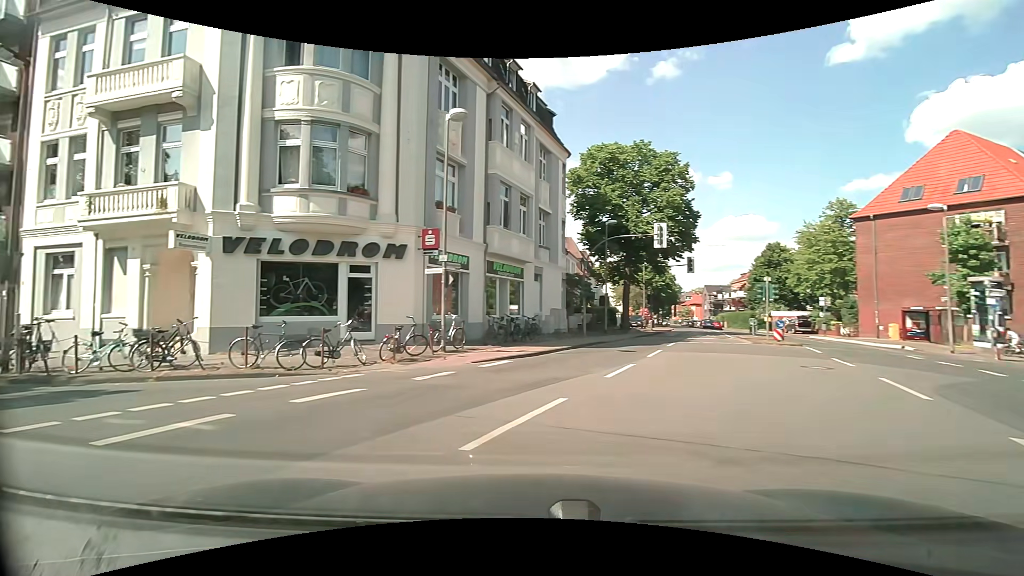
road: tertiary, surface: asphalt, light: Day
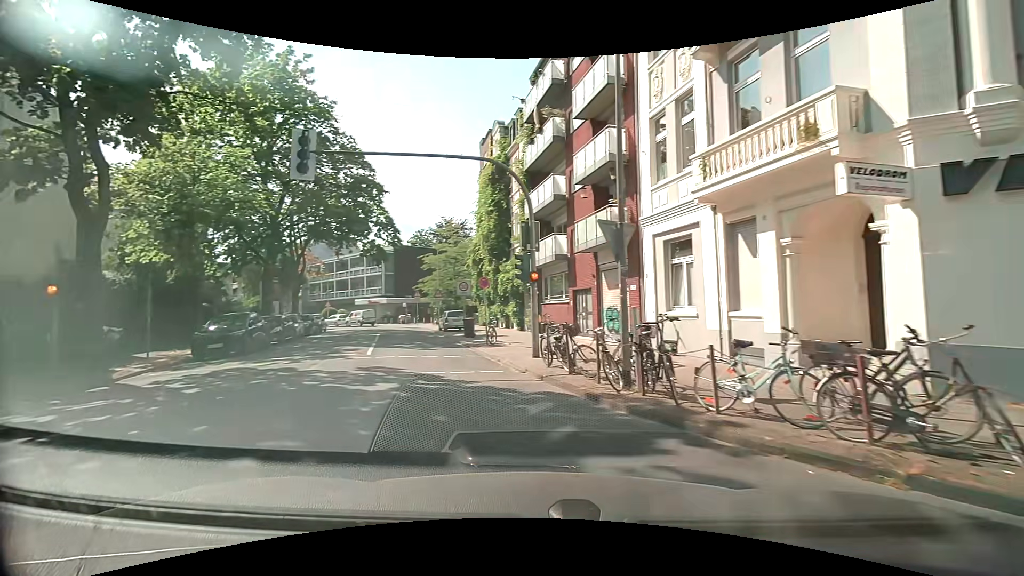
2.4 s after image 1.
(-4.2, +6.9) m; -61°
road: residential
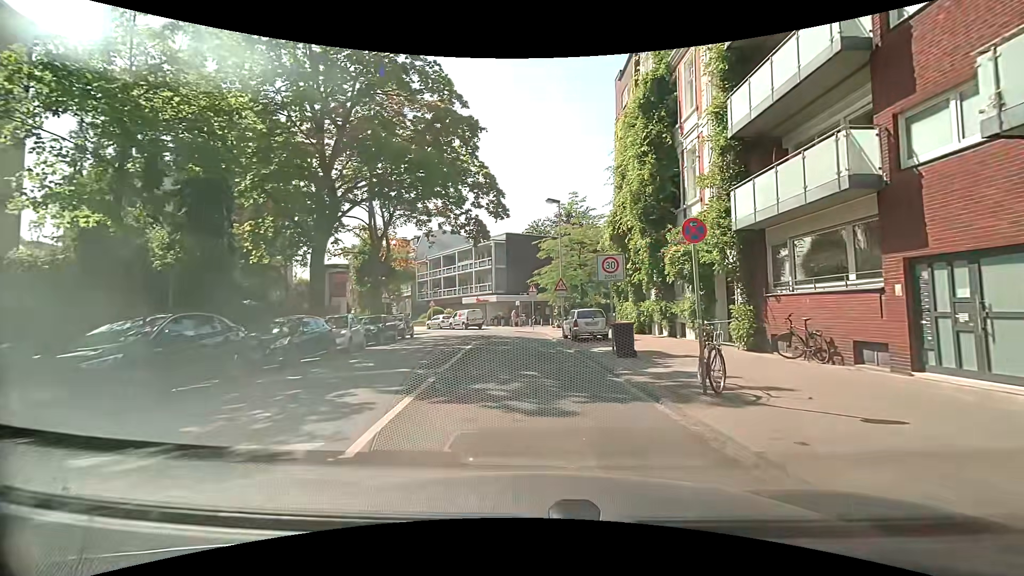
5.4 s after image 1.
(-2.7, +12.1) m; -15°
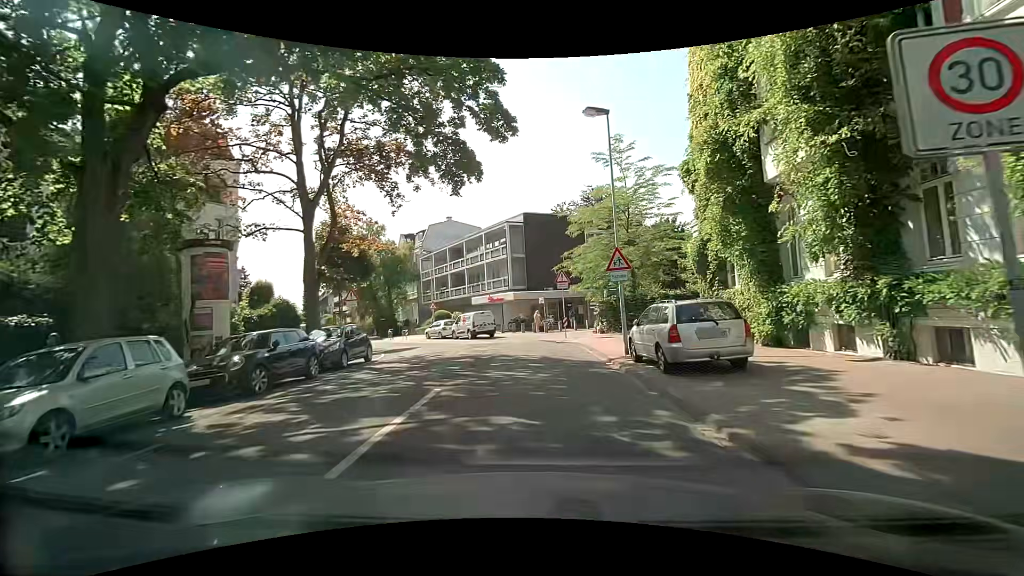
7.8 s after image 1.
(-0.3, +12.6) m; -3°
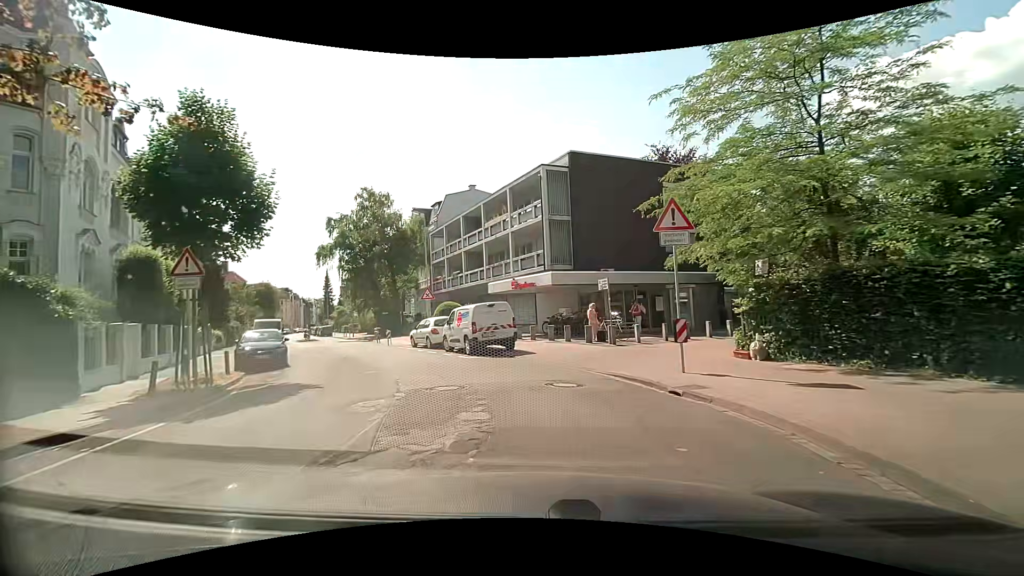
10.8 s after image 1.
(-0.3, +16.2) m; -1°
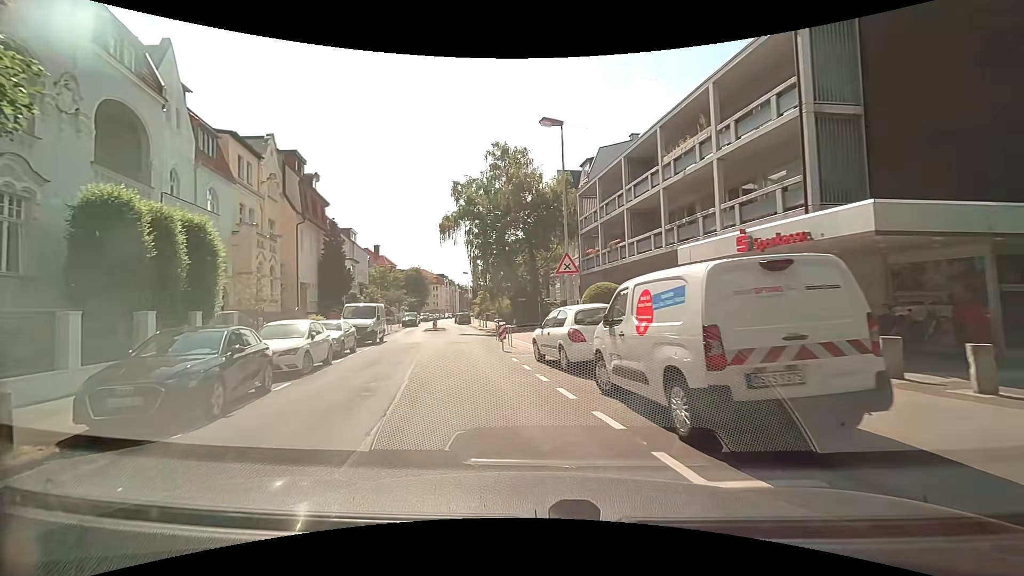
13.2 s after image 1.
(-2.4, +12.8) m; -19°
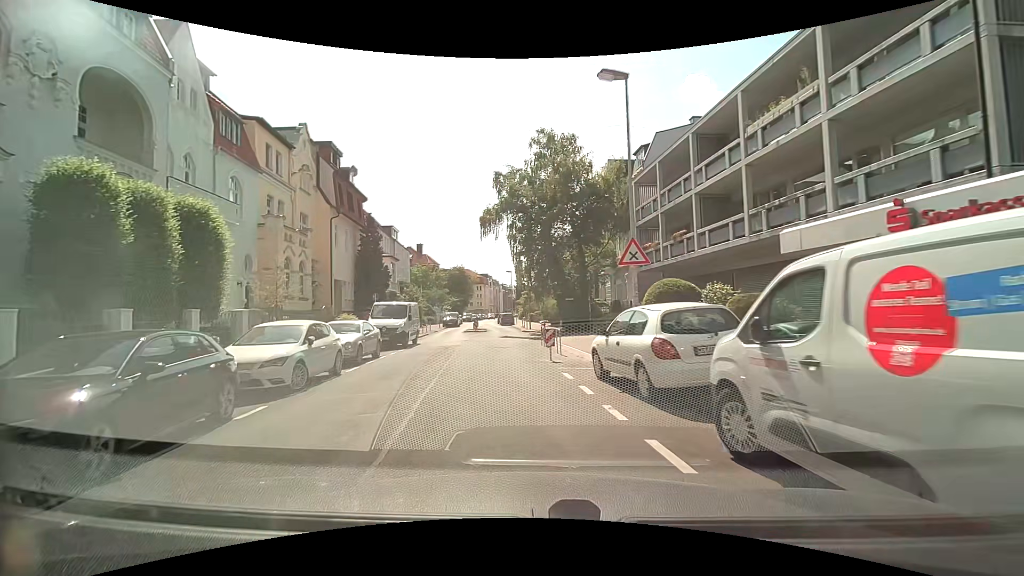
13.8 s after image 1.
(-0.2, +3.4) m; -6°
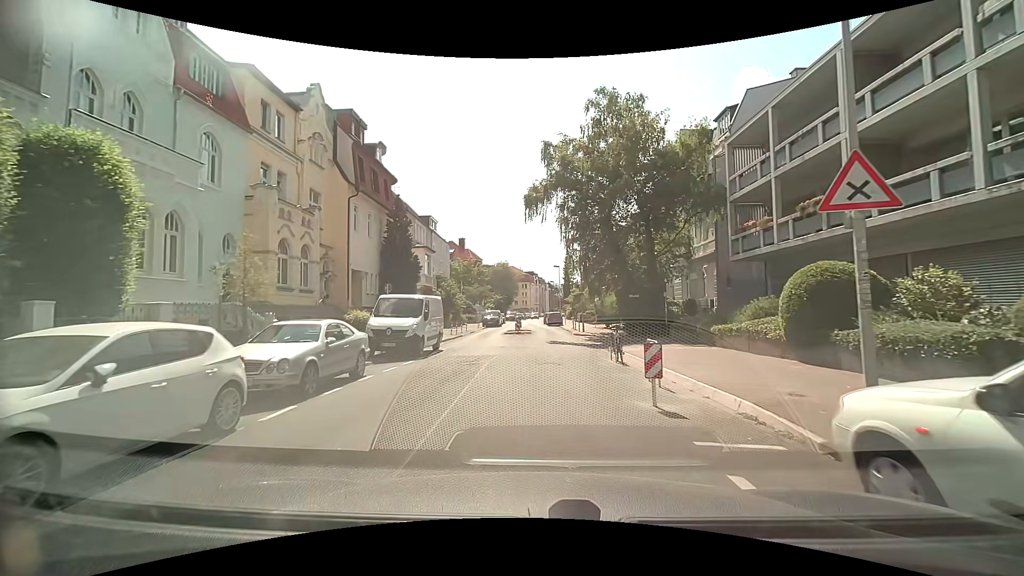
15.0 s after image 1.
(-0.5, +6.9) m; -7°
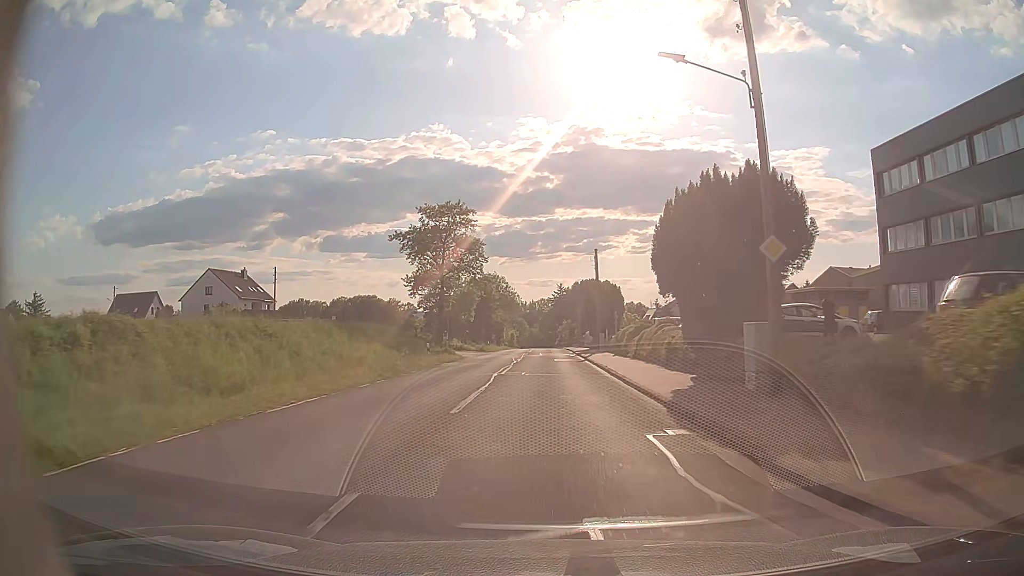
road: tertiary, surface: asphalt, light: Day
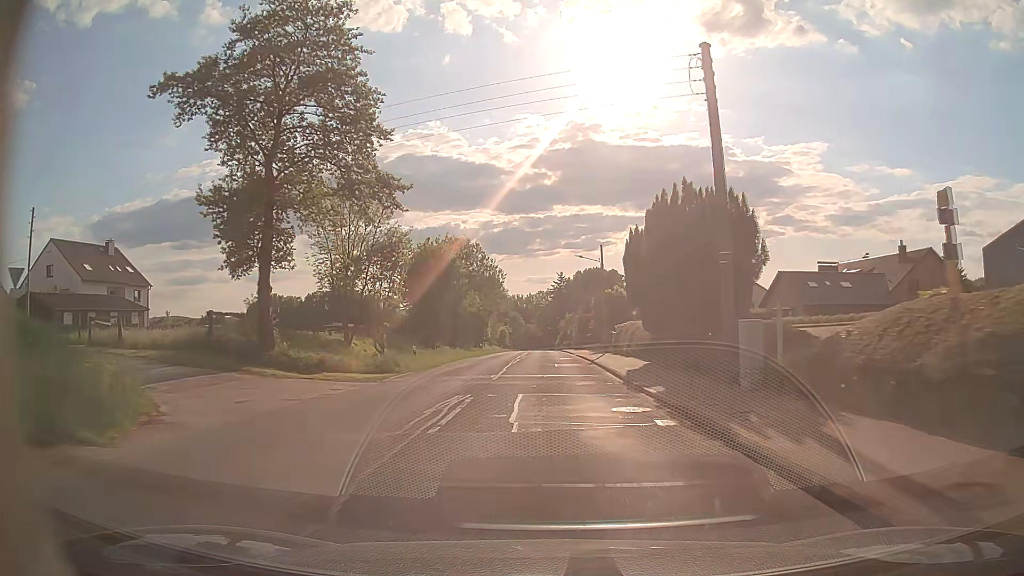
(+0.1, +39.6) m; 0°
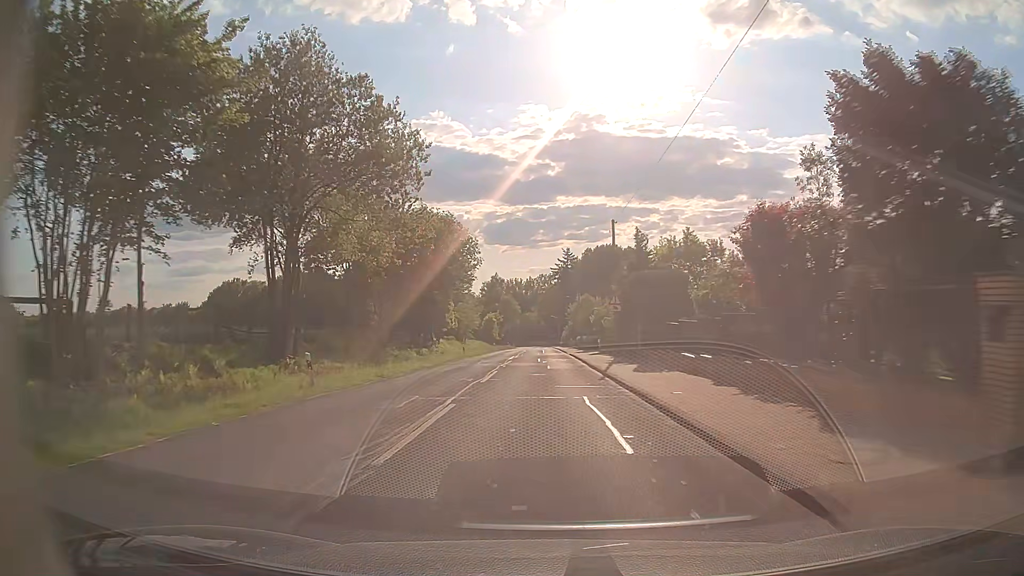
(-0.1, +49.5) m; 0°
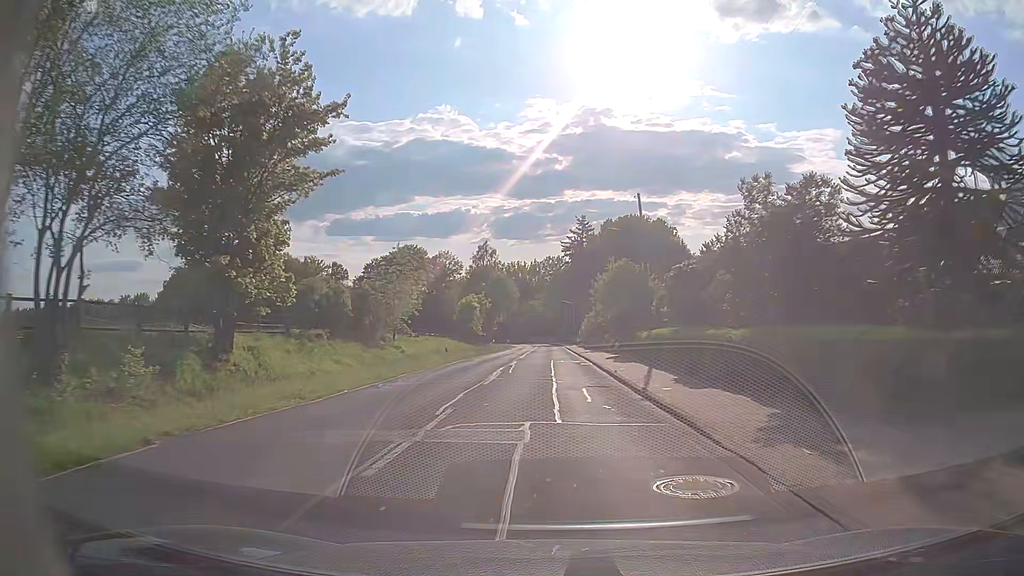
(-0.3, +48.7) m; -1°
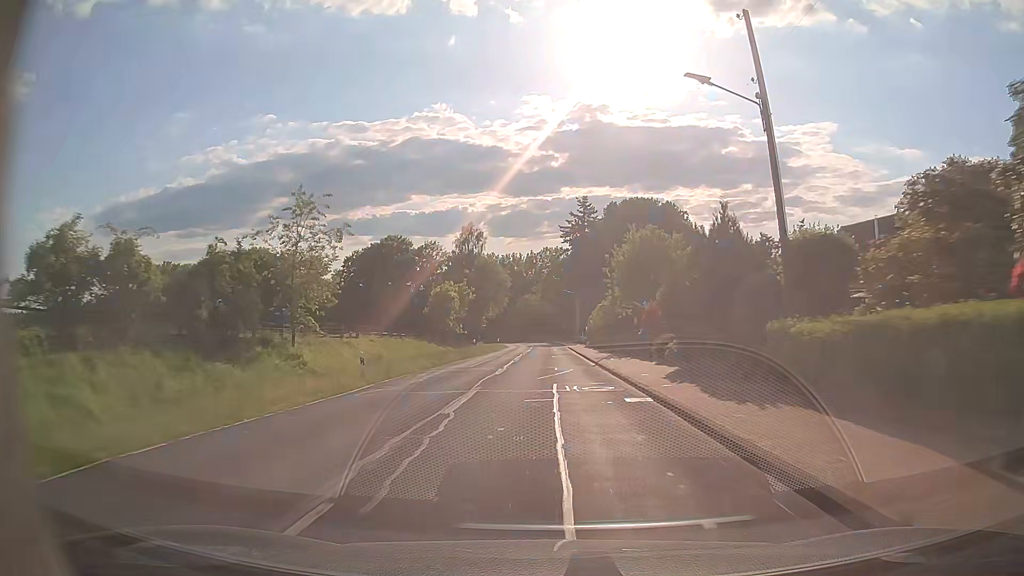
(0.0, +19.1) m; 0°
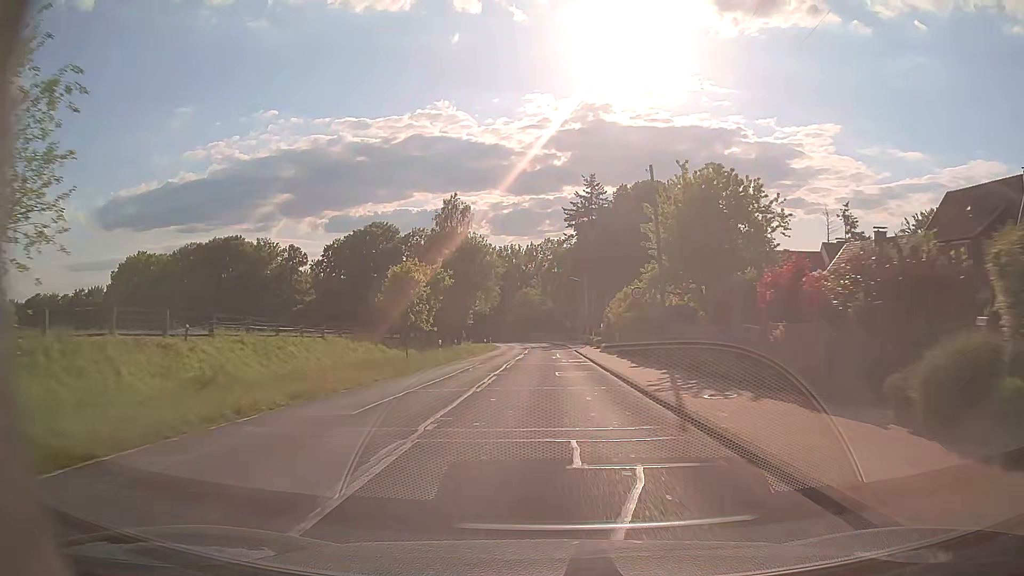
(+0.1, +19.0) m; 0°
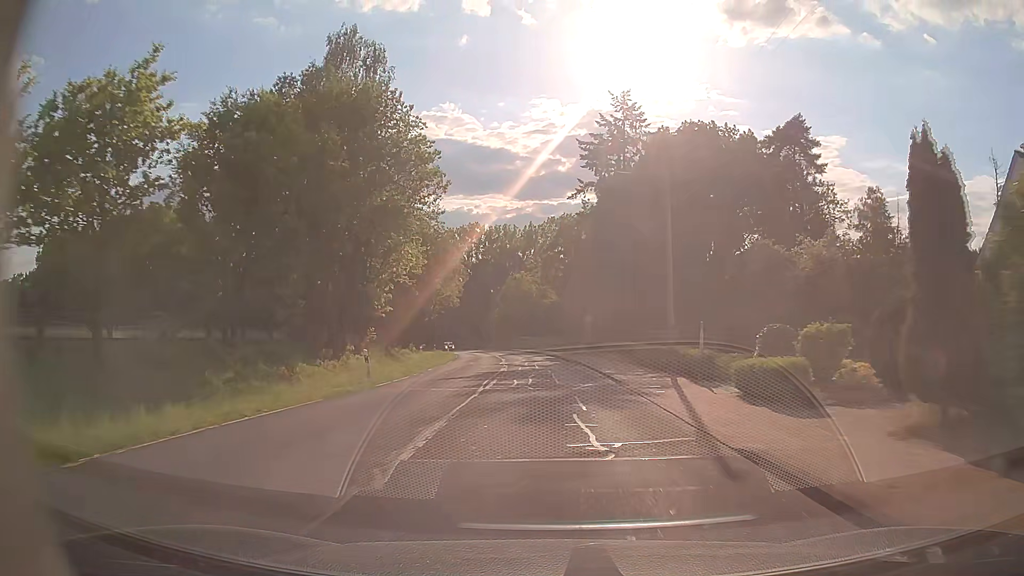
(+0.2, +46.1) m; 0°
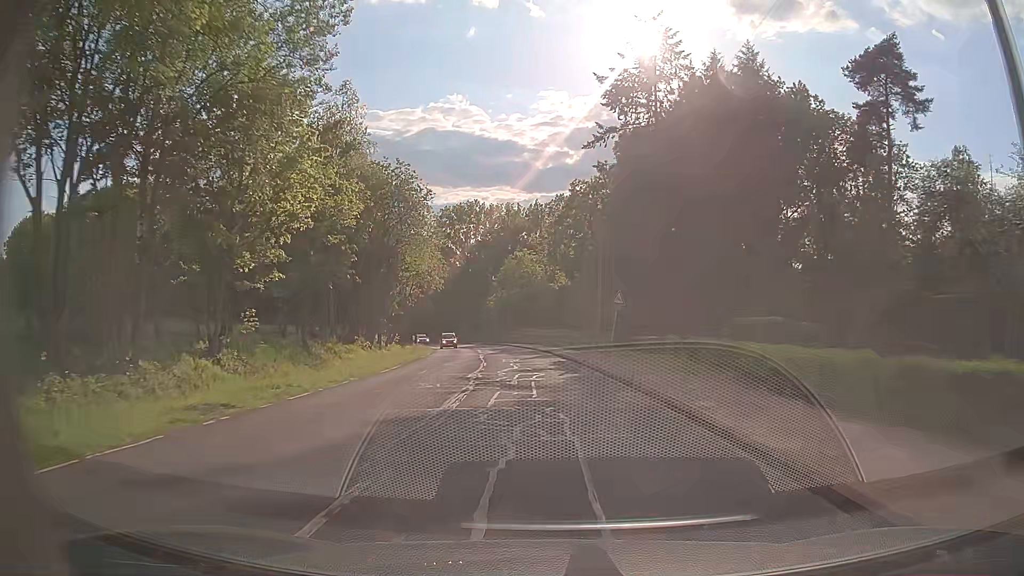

^^^^

▸ **Assigned task**:
The records above must be echoed exactly, minus their pictures.

▸ **Exercise answer**:
road: tertiary, surface: asphalt, light: Day
2.4 s after image 1.
(-4.2, +6.9) m; -61°
road: residential
5.4 s after image 1.
(-2.7, +12.1) m; -15°
7.8 s after image 1.
(-0.3, +12.6) m; -3°
10.8 s after image 1.
(-0.3, +16.2) m; -1°
13.2 s after image 1.
(-2.4, +12.8) m; -19°
13.8 s after image 1.
(-0.2, +3.4) m; -6°
15.0 s after image 1.
(-0.5, +6.9) m; -7°
road: tertiary, surface: asphalt, light: Day
(+0.1, +39.6) m; 0°
(-0.1, +49.5) m; 0°
(-0.3, +48.7) m; -1°
(0.0, +19.1) m; 0°
(+0.1, +19.0) m; 0°
(+0.2, +46.1) m; 0°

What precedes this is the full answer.